There are four key takeaways from this figure for policymakers who are considering CTC reforms.

First, families with little or no earnings are already eligible for tens of thousands of dollars in government benefits. The family in this example takes in $58,000 in government benefits if they do not work at all, and an even higher $60,000 in government benefits if they earn $20,000 per year, lifting their total income to almost $80,000—four times their earnings from work alone.

Second, nonworking families and low wage families are not treated unfairly by existing tax and government benefit policies. Compared to the approximately $60,000 such families receive in government benefits, middle-wage families receive no government benefits. As a result, despite earning $75,000 more in wages and health insurance benefits from their employer, the middle-wage family takes home only $11,000 more than the low-wage family.

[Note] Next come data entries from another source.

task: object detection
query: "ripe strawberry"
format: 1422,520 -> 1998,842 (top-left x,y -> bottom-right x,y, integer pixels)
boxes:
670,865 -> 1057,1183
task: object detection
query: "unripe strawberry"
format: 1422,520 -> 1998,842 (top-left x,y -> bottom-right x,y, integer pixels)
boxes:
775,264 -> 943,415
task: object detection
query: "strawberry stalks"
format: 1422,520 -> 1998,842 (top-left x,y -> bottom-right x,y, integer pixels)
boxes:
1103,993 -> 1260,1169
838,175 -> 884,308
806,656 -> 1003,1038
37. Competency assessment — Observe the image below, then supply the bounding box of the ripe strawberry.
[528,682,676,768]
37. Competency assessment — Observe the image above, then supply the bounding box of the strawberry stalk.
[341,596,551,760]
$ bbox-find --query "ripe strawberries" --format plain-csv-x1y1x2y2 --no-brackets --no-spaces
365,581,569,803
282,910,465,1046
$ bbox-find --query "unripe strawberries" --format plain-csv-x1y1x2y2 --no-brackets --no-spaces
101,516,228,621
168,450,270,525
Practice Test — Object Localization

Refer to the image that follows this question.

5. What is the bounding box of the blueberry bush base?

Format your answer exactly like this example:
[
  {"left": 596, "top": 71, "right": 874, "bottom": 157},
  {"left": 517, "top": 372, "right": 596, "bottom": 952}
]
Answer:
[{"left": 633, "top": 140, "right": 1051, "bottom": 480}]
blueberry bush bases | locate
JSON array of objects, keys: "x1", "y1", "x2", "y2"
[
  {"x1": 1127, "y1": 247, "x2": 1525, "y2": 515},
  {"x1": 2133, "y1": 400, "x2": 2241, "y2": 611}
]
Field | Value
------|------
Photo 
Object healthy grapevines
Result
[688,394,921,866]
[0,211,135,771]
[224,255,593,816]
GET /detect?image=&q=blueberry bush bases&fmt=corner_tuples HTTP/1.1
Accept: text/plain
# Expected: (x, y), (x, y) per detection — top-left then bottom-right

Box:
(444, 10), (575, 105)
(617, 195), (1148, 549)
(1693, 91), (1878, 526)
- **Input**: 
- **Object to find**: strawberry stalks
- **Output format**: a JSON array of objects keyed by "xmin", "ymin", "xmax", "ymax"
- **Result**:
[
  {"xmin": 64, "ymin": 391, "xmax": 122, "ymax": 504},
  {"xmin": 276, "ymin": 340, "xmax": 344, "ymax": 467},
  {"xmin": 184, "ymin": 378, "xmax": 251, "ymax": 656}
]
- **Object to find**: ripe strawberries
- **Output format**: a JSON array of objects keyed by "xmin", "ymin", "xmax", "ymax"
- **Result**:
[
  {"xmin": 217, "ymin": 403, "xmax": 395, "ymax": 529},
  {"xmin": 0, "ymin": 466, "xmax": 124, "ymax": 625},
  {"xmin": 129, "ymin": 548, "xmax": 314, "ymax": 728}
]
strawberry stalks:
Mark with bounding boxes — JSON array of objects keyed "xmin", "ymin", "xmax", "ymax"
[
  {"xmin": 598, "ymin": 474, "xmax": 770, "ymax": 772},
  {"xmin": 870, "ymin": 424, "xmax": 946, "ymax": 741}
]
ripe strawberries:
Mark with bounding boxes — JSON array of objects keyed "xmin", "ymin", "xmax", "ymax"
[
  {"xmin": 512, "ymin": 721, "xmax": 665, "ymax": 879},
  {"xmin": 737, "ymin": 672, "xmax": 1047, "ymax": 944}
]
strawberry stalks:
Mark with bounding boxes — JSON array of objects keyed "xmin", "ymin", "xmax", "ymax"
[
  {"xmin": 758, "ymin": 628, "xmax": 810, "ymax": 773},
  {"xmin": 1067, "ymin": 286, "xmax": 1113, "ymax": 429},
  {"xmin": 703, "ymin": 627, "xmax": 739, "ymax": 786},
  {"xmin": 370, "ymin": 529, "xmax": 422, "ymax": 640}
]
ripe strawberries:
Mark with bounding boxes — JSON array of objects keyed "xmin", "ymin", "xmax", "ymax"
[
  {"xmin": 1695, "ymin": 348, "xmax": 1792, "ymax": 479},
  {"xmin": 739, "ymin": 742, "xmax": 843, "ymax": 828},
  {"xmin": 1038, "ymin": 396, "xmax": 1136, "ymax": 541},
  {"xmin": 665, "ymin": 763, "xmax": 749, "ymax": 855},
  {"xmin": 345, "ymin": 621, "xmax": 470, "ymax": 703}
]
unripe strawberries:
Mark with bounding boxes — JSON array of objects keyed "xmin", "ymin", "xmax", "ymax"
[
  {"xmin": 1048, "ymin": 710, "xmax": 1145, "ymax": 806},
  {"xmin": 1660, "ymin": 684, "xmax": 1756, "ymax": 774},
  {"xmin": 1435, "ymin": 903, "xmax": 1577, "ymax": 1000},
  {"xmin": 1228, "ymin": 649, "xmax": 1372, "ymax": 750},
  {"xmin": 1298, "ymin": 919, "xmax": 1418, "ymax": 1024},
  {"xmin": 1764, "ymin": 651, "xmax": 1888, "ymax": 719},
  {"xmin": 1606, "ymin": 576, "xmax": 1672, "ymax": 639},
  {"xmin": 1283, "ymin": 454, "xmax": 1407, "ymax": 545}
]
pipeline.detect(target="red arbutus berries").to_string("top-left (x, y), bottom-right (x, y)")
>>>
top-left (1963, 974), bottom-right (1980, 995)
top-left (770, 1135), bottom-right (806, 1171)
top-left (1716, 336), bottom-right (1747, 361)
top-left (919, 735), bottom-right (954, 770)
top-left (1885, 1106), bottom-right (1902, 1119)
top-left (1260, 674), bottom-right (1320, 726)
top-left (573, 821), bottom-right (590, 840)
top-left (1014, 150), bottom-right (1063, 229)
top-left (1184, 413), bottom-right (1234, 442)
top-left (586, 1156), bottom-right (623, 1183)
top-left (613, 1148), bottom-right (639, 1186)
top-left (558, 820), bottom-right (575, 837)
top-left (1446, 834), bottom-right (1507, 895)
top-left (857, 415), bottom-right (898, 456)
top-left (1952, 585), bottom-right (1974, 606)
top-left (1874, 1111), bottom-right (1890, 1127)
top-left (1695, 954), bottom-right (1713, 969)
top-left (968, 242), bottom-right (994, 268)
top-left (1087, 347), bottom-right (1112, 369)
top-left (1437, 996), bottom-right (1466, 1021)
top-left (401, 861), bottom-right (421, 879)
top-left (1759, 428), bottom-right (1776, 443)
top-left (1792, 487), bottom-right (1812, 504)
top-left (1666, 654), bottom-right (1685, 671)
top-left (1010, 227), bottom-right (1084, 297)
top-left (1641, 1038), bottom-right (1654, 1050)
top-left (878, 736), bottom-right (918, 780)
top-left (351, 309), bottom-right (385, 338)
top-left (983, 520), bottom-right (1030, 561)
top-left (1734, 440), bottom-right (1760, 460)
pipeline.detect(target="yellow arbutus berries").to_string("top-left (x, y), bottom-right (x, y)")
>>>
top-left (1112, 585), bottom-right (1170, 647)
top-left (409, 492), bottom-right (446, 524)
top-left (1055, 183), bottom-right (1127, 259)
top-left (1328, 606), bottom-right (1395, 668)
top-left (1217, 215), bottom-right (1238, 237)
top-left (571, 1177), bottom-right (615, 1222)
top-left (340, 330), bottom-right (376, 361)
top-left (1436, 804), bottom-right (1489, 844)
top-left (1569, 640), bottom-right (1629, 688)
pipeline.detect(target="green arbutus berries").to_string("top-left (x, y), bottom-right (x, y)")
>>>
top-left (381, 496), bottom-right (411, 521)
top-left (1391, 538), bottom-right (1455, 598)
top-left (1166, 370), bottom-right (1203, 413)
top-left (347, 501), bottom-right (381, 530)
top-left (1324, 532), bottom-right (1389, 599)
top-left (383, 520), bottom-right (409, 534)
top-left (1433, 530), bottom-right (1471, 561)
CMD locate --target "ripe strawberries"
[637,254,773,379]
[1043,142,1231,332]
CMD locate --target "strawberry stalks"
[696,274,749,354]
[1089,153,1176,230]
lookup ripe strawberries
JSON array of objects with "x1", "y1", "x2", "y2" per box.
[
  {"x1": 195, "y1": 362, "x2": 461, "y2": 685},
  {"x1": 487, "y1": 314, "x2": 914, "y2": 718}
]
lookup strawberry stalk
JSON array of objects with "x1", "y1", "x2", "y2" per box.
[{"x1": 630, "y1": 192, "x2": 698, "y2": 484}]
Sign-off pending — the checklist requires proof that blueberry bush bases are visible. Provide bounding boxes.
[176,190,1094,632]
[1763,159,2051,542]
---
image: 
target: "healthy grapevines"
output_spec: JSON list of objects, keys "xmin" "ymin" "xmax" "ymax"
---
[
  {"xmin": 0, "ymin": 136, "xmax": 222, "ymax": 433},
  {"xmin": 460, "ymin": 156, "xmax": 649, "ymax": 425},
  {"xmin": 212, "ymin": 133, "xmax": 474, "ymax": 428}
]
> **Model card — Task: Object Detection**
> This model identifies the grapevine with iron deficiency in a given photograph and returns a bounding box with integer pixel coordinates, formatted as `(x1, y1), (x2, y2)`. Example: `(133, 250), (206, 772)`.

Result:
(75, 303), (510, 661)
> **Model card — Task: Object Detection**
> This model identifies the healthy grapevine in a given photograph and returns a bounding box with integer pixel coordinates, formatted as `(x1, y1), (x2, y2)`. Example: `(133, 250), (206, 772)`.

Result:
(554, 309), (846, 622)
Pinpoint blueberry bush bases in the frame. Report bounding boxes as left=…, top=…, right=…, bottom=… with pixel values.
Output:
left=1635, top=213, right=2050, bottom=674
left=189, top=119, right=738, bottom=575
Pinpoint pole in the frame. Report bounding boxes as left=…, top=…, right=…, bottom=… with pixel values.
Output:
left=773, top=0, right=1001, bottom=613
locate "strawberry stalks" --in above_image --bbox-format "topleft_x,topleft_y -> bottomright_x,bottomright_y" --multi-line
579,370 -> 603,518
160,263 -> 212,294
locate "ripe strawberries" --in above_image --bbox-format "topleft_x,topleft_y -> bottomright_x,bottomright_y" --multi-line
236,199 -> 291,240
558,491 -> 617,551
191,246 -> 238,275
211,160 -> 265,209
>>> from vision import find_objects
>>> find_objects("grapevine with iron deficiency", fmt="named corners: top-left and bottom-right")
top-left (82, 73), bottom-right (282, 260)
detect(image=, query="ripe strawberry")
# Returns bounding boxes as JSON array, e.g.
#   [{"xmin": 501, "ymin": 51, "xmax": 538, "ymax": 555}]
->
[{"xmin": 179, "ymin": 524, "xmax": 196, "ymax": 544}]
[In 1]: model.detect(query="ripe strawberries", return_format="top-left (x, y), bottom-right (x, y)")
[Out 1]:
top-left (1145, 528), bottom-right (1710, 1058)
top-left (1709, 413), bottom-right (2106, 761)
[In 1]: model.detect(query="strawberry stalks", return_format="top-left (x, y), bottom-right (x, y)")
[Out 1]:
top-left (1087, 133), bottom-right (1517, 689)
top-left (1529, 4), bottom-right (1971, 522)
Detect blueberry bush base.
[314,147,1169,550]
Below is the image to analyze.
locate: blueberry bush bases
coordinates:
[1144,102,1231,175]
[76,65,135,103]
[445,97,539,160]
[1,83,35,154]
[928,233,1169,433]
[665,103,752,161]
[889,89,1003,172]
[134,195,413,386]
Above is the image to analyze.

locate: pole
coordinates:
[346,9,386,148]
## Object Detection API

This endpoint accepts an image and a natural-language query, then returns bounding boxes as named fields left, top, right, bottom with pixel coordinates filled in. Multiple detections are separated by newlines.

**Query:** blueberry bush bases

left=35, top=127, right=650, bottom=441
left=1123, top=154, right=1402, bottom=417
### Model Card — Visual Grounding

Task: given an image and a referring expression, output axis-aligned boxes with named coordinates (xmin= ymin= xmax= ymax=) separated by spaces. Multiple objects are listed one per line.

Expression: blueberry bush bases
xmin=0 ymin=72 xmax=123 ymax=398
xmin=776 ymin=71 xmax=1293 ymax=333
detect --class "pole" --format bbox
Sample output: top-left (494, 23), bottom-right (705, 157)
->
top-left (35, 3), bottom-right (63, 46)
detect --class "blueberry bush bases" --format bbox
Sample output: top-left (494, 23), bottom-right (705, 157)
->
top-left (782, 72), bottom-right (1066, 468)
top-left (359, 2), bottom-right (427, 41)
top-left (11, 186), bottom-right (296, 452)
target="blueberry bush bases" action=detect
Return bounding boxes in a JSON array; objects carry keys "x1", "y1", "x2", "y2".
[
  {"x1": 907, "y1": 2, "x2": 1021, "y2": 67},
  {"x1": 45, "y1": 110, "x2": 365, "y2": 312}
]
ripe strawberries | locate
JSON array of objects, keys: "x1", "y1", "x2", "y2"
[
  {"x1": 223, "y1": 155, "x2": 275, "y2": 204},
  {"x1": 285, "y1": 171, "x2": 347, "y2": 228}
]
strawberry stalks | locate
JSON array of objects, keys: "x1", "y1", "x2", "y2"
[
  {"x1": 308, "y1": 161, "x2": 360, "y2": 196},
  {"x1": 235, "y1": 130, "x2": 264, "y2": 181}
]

Third, the Harris and Vance CTC proposals would increase government benefits by a substantial amount, especially for nonworking and low-wage families. The Harris and Vance proposals would grow government benefits by $10,000 and up to $15,000 respectively for nonworking families, $8,000 to $12,000 for low-wage families, and $4,000 to $9,000 for middle-wage families.

Fourth, despite sponsors’ promoting their policies as a “tax cut,” only for middle-wage families could any of the CTC changes be construed as a tax cut, and even then the taxes that would be offset are payroll taxes, for which workers earn future benefits. By contrast, the low-wage family’s payroll tax is already fully offset by the Earned Income Tax Credit, and the nonworking family owes neither federal income nor payroll taxes of any kind. Indeed, none of the families in this example owe federal income taxes, before or after the proposed CTC changes.

It is important to emphasize that existing and proposed increases in government benefits vary across families. For example, families with fewer children would receive lower benefits than the three-child family discussed here. Also, no- and low-wage families receive different sources of benefits. Many eligible families do not receive rental housing assistance, which can be large, though they may receive other important benefits like cash assistance from Temporary Assistance to Needy Families, Supplemental Security Income and General Assistance, energy assistance from the Low Income Heating and Energy Assistance Program, nutrition assistance from the Special Supplemental Nutrition Program for Women, Infants and Children and school meals, and child care assistance from the Child Care and Development Block Grant, among other sources of support. Meanwhile, middle-wage families that do not receive health insurance from their employer are eligible for Affordable Care Act tax credits to reduce the cost of purchasing health insurance.

While the figure depicting our illustrative families cannot account for all of these differences, the basic takeaways remain. Nonworking families and low-wage families receive tens of thousands of dollars in existing support, and would receive several thousand dollars more from the Harris and Vance CTC proposals. Middle-wage families receive much less, if any, government support, and would receive a smaller though still substantial amount of assistance from the CTC proposals.

Before policymakers rush to provide greater support for low-income families, they should clearly understand the scope and types of assistance already provided.